If a provider reports cache usage, you can inspect it through response()->usage(). The InferenceUsage object exposes the following cache-related fields when available:

Field Description
cacheReadTokens Tokens served from the cache (cache hit)
cacheWriteTokens Tokens written to the cache (cache miss / first request)
<?php

$response = $inference->withMessages(Messages::fromString('Summarize the document.'))->response();

$usage = $response->usage();

echo "Input tokens:       " . $usage->inputTokens . "\n";
echo "Output tokens:      " . $usage->outputTokens . "\n";
echo "Cache read tokens:  " . $usage->cacheReadTokens . "\n";
echo "Cache write tokens: " . $usage->cacheWriteTokens . "\n";

Provider Support

Different providers handle context caching differently:

Provider Caching Behavior Cache Metrics
Anthropic Explicit cache markers with native support Full reporting (cacheReadTokens, cacheWriteTokens)
OpenAI Automatic server-side prompt caching Limited reporting; no opt-in required
Other providers No native caching Polyglot manages conversation state correctly; no cache metrics

Polyglot sends the appropriate cache control markers to providers that support them.
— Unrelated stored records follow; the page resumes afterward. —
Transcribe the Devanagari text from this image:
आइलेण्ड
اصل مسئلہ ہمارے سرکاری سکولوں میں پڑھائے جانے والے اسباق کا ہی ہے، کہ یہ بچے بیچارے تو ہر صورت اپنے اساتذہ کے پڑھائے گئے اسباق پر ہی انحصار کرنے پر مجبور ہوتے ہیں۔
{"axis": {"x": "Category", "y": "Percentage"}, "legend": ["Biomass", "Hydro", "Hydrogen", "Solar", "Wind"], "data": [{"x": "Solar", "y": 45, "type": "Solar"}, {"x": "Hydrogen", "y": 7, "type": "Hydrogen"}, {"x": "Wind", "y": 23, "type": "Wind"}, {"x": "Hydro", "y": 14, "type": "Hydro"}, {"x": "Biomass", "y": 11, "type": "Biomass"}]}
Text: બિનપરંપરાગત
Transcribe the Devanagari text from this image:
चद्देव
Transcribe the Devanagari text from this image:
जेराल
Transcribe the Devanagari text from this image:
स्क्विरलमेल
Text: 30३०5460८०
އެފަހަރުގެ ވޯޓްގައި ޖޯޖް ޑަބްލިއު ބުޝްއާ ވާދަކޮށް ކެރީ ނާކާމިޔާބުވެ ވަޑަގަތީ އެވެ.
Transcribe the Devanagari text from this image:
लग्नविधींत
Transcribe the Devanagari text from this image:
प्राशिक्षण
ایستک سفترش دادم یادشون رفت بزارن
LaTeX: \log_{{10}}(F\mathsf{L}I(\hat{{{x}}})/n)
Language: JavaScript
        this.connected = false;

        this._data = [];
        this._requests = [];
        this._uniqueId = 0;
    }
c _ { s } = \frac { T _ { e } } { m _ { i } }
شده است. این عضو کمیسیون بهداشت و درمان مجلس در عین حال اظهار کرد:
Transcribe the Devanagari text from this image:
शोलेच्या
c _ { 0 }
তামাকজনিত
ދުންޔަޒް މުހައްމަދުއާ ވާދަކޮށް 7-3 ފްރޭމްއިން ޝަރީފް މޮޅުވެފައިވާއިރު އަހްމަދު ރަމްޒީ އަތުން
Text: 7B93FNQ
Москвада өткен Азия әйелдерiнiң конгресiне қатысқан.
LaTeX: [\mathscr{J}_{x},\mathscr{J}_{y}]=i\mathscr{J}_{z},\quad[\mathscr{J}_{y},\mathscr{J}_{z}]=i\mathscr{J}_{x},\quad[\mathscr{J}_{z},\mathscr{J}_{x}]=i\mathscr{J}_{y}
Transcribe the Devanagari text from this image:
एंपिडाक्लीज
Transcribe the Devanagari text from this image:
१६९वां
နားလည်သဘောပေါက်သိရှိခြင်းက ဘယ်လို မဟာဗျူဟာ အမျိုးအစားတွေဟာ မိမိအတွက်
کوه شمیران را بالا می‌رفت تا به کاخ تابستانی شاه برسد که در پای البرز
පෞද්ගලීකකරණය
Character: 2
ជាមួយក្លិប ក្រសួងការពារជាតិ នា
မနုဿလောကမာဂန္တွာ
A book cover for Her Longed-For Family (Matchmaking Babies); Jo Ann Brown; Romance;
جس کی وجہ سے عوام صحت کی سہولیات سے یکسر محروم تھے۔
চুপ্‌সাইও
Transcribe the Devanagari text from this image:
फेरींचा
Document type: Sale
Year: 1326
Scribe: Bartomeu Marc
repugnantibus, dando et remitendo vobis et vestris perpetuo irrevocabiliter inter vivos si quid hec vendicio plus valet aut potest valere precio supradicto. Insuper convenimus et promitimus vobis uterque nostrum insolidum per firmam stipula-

For providers without native caching support, withCachedContext() still works correctly -- the context is prepended to each request -- but you will not see cache-related usage metrics in the response.

Tip: To maximize cache hit rates with Anthropic, keep your cached context stable across requests. Even small changes to the cached portion will invalidate the cache and trigger a new cache write.